Bonus Lab: Advanced Pipeline Customization and Artifact Management

Congratulations on reaching this point! You’ve successfully learned the fundamentals of working with pipelines and managing artifacts. To take your skills to the next level, we present a Bonus Lab that will help you explore more advanced topics in pipeline customization and artifact management.
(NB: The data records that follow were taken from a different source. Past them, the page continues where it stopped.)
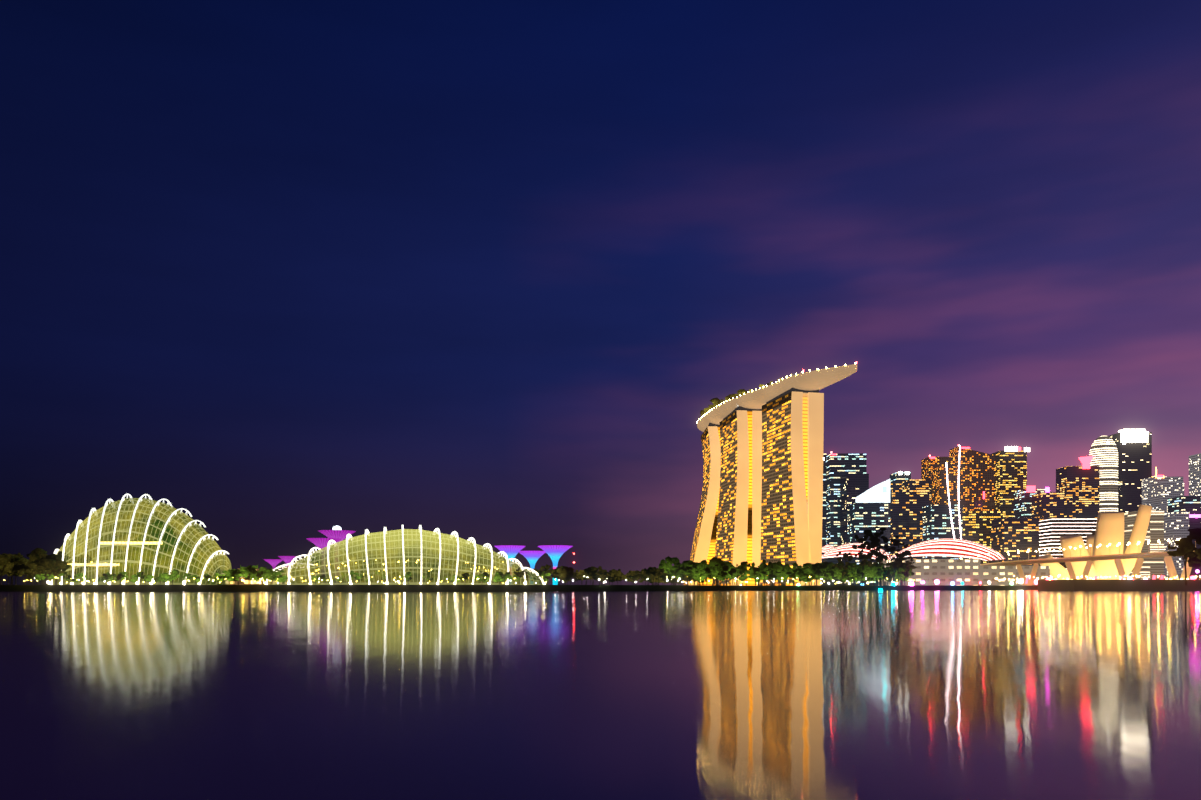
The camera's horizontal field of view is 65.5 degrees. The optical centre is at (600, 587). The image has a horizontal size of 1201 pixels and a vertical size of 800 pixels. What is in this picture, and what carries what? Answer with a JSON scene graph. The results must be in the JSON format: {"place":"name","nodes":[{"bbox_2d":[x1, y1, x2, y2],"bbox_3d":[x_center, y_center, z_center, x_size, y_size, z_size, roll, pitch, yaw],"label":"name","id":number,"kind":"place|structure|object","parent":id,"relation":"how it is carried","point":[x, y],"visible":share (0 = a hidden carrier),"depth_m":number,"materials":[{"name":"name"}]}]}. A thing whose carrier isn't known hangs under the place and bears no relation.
{"place":"outdoors","nodes":[
{"label":"outdoors","id":0,"kind":"place"},
{"bbox_2d":[0,585,1037,591],"bbox_3d":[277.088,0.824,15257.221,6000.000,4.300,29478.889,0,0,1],"label":"ground","id":1,"kind":"structure","parent":0,"point":[289,588],"depth_m":546.34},
{"bbox_2d":[0,548,69,584],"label":"trees","id":2,"kind":"object","parent":1,"relation":"on","point":[40,561],"depth_m":567.92,"materials":[{"name":"green plant"}]},
{"bbox_2d":[47,498,230,584],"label":"glass dome","id":3,"kind":"object","parent":1,"relation":"on","point":[193,534],"depth_m":575.49,"materials":[{"name":"glass"}]},
{"bbox_2d":[52,493,228,584],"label":"ribs","id":4,"kind":"object","parent":3,"relation":"attached to","point":[148,522],"depth_m":576.11,"materials":[{"name":"metal"}]},
{"bbox_2d":[230,568,265,584],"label":"lights","id":5,"kind":"object","parent":1,"relation":"on","point":[241,582],"visible":0.1,"depth_m":623.73},
{"bbox_2d":[218,565,281,584],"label":"trees","id":6,"kind":"object","parent":1,"relation":"on","point":[229,576],"depth_m":558.81,"materials":[{"name":"green plant"}]},
{"bbox_2d":[263,559,282,570],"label":"supertree","id":7,"kind":"object","parent":1,"relation":"on","point":[273,562],"visible":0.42,"depth_m":880.72},
{"bbox_2d":[278,556,296,566],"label":"supertree","id":8,"kind":"object","parent":1,"relation":"on","point":[287,559],"visible":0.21,"depth_m":860.94},
{"bbox_2d":[34,569,550,584],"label":"shoreline lights","id":9,"kind":"object","parent":1,"relation":"on","point":[500,576],"depth_m":553.56},
{"bbox_2d":[49,582,544,583],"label":"rib flood lamps","id":10,"kind":"object","parent":1,"relation":"on","point":[289,583],"visible":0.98,"depth_m":559.41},
{"bbox_2d":[49,576,546,583],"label":"yellow dome lamps","id":11,"kind":"object","parent":1,"relation":"on","point":[270,580],"visible":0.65,"depth_m":554.61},
{"bbox_2d":[306,538,340,548],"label":"supertree","id":12,"kind":"object","parent":1,"relation":"on","point":[320,543],"visible":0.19,"depth_m":785.54},
{"bbox_2d":[319,525,355,542],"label":"supertree","id":13,"kind":"object","parent":1,"relation":"on","point":[337,531],"visible":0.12,"depth_m":815.34},
{"bbox_2d":[264,529,546,584],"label":"domed greenhouse","id":14,"kind":"object","parent":1,"relation":"on","point":[318,565],"visible":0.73,"depth_m":553.81,"materials":[{"name":"yellow glass"}]},
{"bbox_2d":[266,525,544,584],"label":"dome ribs","id":15,"kind":"object","parent":14,"relation":"attached to","point":[385,529],"visible":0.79,"depth_m":557.36,"materials":[{"name":"metal"}]},
{"bbox_2d":[495,545,525,560],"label":"supertree","id":16,"kind":"object","parent":1,"relation":"on","point":[511,551],"visible":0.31,"depth_m":793.50},
{"bbox_2d":[519,551,545,568],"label":"supertree","id":17,"kind":"object","parent":1,"relation":"on","point":[532,557],"visible":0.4,"depth_m":824.84},
{"bbox_2d":[538,545,571,584],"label":"supertree","id":18,"kind":"object","parent":1,"relation":"on","point":[555,553],"visible":0.77,"depth_m":794.09},
{"bbox_2d":[514,564,696,584],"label":"trees","id":19,"kind":"object","parent":1,"relation":"on","point":[569,573],"depth_m":640.63,"materials":[{"name":"green plant"}]},
{"bbox_2d":[684,423,720,584],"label":"hotel tower","id":20,"kind":"structure","parent":1,"relation":"on","point":[704,544],"depth_m":1042.19,"materials":[{"name":"concrete"}]},
{"bbox_2d":[555,576,897,582],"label":"shoreline lights","id":21,"kind":"object","parent":1,"relation":"on","point":[691,581],"visible":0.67,"depth_m":686.43},
{"bbox_2d":[712,406,761,584],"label":"hotel tower","id":22,"kind":"structure","parent":1,"relation":"on","point":[738,537],"depth_m":950.35,"materials":[{"name":"concrete"}]},
{"bbox_2d":[659,556,913,585],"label":"trees","id":23,"kind":"object","parent":1,"relation":"on","point":[719,568],"depth_m":787.63,"materials":[{"name":"green plant"}]},
{"bbox_2d":[760,388,823,584],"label":"hotel tower","id":24,"kind":"structure","parent":1,"relation":"on","point":[792,471],"depth_m":862.55,"materials":[{"name":"concrete"}]},
{"bbox_2d":[821,454,826,584],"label":"slim tower","id":25,"kind":"structure","parent":1,"relation":"on","point":[824,526],"depth_m":1492.91,"materials":[{"name":"black glass"}]},
{"bbox_2d":[827,453,865,584],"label":"skyscraper","id":26,"kind":"structure","parent":1,"relation":"on","point":[839,465],"depth_m":1641.90,"materials":[{"name":"black glass"}]},
{"bbox_2d":[840,474,868,584],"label":"skyscraper","id":27,"kind":"structure","parent":1,"relation":"on","point":[853,487],"depth_m":1591.78,"materials":[{"name":"black glass"}]},
{"bbox_2d":[848,503,889,585],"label":"skyscraper","id":28,"kind":"structure","parent":1,"relation":"on","point":[862,517],"depth_m":1441.91,"materials":[{"name":"black glass"}]},
{"bbox_2d":[856,479,889,502],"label":"sloped building top","id":29,"kind":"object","parent":28,"relation":"on","point":[875,494],"depth_m":1440.67,"materials":[{"name":"white"}]},
{"bbox_2d":[740,576,1130,584],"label":"shoreline lights","id":30,"kind":"object","parent":1,"relation":"on","point":[1020,581],"depth_m":891.87},
{"bbox_2d":[921,457,955,479],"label":"tower","id":31,"kind":"structure","parent":1,"relation":"on","point":[928,464],"depth_m":1787.90,"materials":[{"name":"brown glass"}]},
{"bbox_2d":[881,559,1049,585],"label":"waterfront building","id":32,"kind":"structure","parent":1,"relation":"on","point":[958,572],"depth_m":1032.81,"materials":[{"name":"white concrete"}]},
{"bbox_2d":[884,538,1004,560],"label":"domed roof","id":33,"kind":"structure","parent":32,"relation":"on","point":[953,547],"depth_m":1072.70,"materials":[{"name":"white metal"}]},
{"bbox_2d":[949,447,994,510],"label":"skyscraper","id":34,"kind":"structure","parent":1,"relation":"on","point":[977,474],"depth_m":1786.41,"materials":[{"name":"brown glass"}]},
{"bbox_2d":[832,526,1200,585],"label":"trees","id":35,"kind":"object","parent":1,"relation":"on","point":[1186,548],"depth_m":789.65,"materials":[{"name":"green plant"}]},
{"bbox_2d":[909,570,1198,585],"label":"shoreline lights","id":36,"kind":"object","parent":1,"relation":"on","point":[923,582],"visible":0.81,"depth_m":793.19},
{"bbox_2d":[1039,518,1096,579],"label":"building","id":37,"kind":"structure","parent":1,"relation":"on","point":[1052,531],"depth_m":1317.61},
{"bbox_2d":[979,576,1195,583],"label":"shoreline lights","id":38,"kind":"object","parent":1,"relation":"on","point":[1191,577],"visible":0.79,"depth_m":889.02},
{"bbox_2d":[981,541,1195,585],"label":"bridge","id":39,"kind":"structure","parent":1,"relation":"on","point":[1169,563],"depth_m":918.53,"materials":[{"name":"concrete"}]},
{"bbox_2d":[960,539,1178,558],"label":"bridge lights","id":40,"kind":"object","parent":39,"relation":"on","point":[1119,543],"visible":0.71,"depth_m":930.32},
{"bbox_2d":[1089,436,1117,511],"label":"skyscraper","id":41,"kind":"structure","parent":1,"relation":"on","point":[1105,455],"depth_m":1834.32,"materials":[{"name":"white concrete"}]},
{"bbox_2d":[1124,510,1163,578],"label":"beige tower","id":42,"kind":"structure","parent":1,"relation":"on","point":[1151,567],"depth_m":1335.06,"materials":[{"name":"beige concrete"}]},
{"bbox_2d":[0,590,1200,799],"bbox_3d":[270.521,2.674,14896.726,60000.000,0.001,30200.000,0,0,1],"label":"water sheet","id":43,"kind":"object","parent":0,"point":[896,694],"depth_m":23.04,"materials":[{"name":"purple"}]},
{"bbox_2d":[1038,579,1200,590],"bbox_3d":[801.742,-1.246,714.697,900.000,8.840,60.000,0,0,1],"label":"quay wall","id":44,"kind":"structure","parent":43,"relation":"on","point":[1123,585],"depth_m":692.28,"materials":[{"name":"grey concrete"}]},
{"bbox_2d":[1038,504,1151,579],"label":"lotus-shaped museum","id":45,"kind":"structure","parent":44,"relation":"on","point":[1109,527],"depth_m":1131.46,"materials":[{"name":"beige concrete"}]},
{"bbox_2d":[995,575,1195,580],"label":"waterfront lights","id":46,"kind":"object","parent":44,"relation":"on","point":[1078,577],"visible":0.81,"depth_m":837.59},
{"bbox_2d":[699,376,788,418],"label":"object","id":47,"kind":"structure","parent":0,"point":[717,401],"depth_m":993.41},
{"bbox_2d":[697,364,856,431],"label":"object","id":48,"kind":"structure","parent":0,"point":[819,379],"depth_m":879.18,"materials":[{"name":"beige concrete"}]},
{"bbox_2d":[698,363,855,420],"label":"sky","id":49,"kind":"structure","parent":48,"relation":"on","point":[759,388],"depth_m":910.59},
{"bbox_2d":[822,543,890,559],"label":"domed roof","id":50,"kind":"structure","parent":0,"point":[845,548],"depth_m":1101.54,"materials":[{"name":"white metal"}]},
{"bbox_2d":[822,545,833,551],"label":"domed roof","id":51,"kind":"structure","parent":50,"relation":"on","point":[826,548],"depth_m":1125.23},
{"bbox_2d":[890,483,901,490],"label":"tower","id":52,"kind":"structure","parent":0,"point":[895,486],"depth_m":1739.46,"materials":[{"name":"black glass"}]},
{"bbox_2d":[890,472,910,482],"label":"building top","id":53,"kind":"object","parent":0,"point":[895,478],"depth_m":1838.77,"materials":[{"name":"black glass"}]},
{"bbox_2d":[831,447,969,458],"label":"rooftop lights","id":54,"kind":"object","parent":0,"point":[934,457],"visible":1,"depth_m":1784.31},
{"bbox_2d":[890,490,928,558],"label":"tower","id":55,"kind":"structure","parent":0,"point":[906,506],"depth_m":1589.93,"materials":[{"name":"black glass"}]},
{"bbox_2d":[902,479,930,504],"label":"tower","id":56,"kind":"structure","parent":0,"point":[923,484],"depth_m":1738.69,"materials":[{"name":"black glass"}]},
{"bbox_2d":[922,505,962,558],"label":"tower","id":57,"kind":"structure","parent":0,"point":[936,522],"depth_m":1489.55,"materials":[{"name":"black glass"}]},
{"bbox_2d":[931,467,955,504],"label":"tower","id":58,"kind":"structure","parent":0,"point":[939,493],"depth_m":1688.17,"materials":[{"name":"brown glass"}]},
{"bbox_2d":[946,445,961,539],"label":"light masts","id":59,"kind":"object","parent":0,"point":[958,496],"visible":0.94,"depth_m":1289.88},
{"bbox_2d":[963,511,1002,563],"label":"tower","id":60,"kind":"structure","parent":0,"point":[976,526],"depth_m":1488.43,"materials":[{"name":"black glass"}]},
{"bbox_2d":[823,431,1162,498],"bbox_3d":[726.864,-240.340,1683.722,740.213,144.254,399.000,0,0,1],"label":"rooftop signs","id":61,"kind":"object","parent":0,"point":[1086,461],"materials":[{"name":"pink plastic"}]},
{"bbox_2d":[991,451,1026,517],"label":"tower","id":62,"kind":"structure","parent":0,"point":[1010,472],"depth_m":1785.28,"materials":[{"name":"black glass"}]},
{"bbox_2d":[991,518,1050,565],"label":"building","id":63,"kind":"structure","parent":0,"point":[1012,536],"depth_m":1437.79,"materials":[{"name":"black glass"}]},
{"bbox_2d":[1014,489,1044,517],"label":"tower","id":64,"kind":"structure","parent":0,"point":[1022,503],"depth_m":1689.30,"materials":[{"name":"black glass"}]},
{"bbox_2d":[1032,492,1063,517],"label":"tower","id":65,"kind":"structure","parent":0,"point":[1047,504],"depth_m":1635.17,"materials":[{"name":"black glass"}]},
{"bbox_2d":[1056,466,1099,517],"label":"tower","id":66,"kind":"structure","parent":0,"point":[1079,486],"depth_m":1782.83,"materials":[{"name":"black glass"}]},
{"bbox_2d":[1025,575,1163,583],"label":"shoreline lights","id":67,"kind":"object","parent":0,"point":[1122,577],"visible":0.48,"depth_m":820.34},
{"bbox_2d":[1045,487,1200,517],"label":"magenta roof signs","id":68,"kind":"object","parent":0,"point":[1047,489],"visible":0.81,"depth_m":1430.93,"materials":[{"name":"pink plastic"}]},
{"bbox_2d":[1109,432,1151,512],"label":"skyscraper","id":69,"kind":"structure","parent":0,"point":[1134,464],"depth_m":1880.03,"materials":[{"name":"black glass"}]},
{"bbox_2d":[1118,429,1147,442],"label":"tower crown","id":70,"kind":"object","parent":69,"relation":"on","point":[1133,436],"visible":0.77,"depth_m":1877.97},
{"bbox_2d":[1142,477,1182,505],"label":"tower","id":71,"kind":"structure","parent":0,"point":[1146,482],"depth_m":1749.59,"materials":[{"name":"grey concrete"}]},
{"bbox_2d":[1148,482,1183,512],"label":"tower","id":72,"kind":"structure","parent":0,"point":[1160,494],"depth_m":1681.01,"materials":[{"name":"grey concrete"}]},
{"bbox_2d":[1164,512,1188,578],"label":"tower","id":73,"kind":"structure","parent":0,"point":[1176,525],"depth_m":1383.89,"materials":[{"name":"grey concrete"}]},
{"bbox_2d":[1168,496,1200,512],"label":"building","id":74,"kind":"structure","parent":0,"point":[1190,504],"depth_m":1581.40,"materials":[{"name":"black glass"}]},
{"bbox_2d":[1189,453,1200,495],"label":"white tower","id":75,"kind":"structure","parent":0,"point":[1195,475],"depth_m":1704.40,"materials":[{"name":"grey concrete"}]},
{"bbox_2d":[1189,513,1200,578],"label":"building","id":76,"kind":"structure","parent":0,"point":[1194,523],"depth_m":1432.80,"materials":[{"name":"black glass"}]}
]}

This is an optional section intended to deepen your understanding, and while it’s not required to complete the bootcamp, it will provide valuable experience and additional tools for real-world AI pipeline workflows.

Pre-requisites

Make sure you have completed the main pipeline module and are familiar with:

  1. The basics of pipeline creation and artifact management.

  2. How to configure and store artifacts using default tools. Basic Python scripting and command-line interaction.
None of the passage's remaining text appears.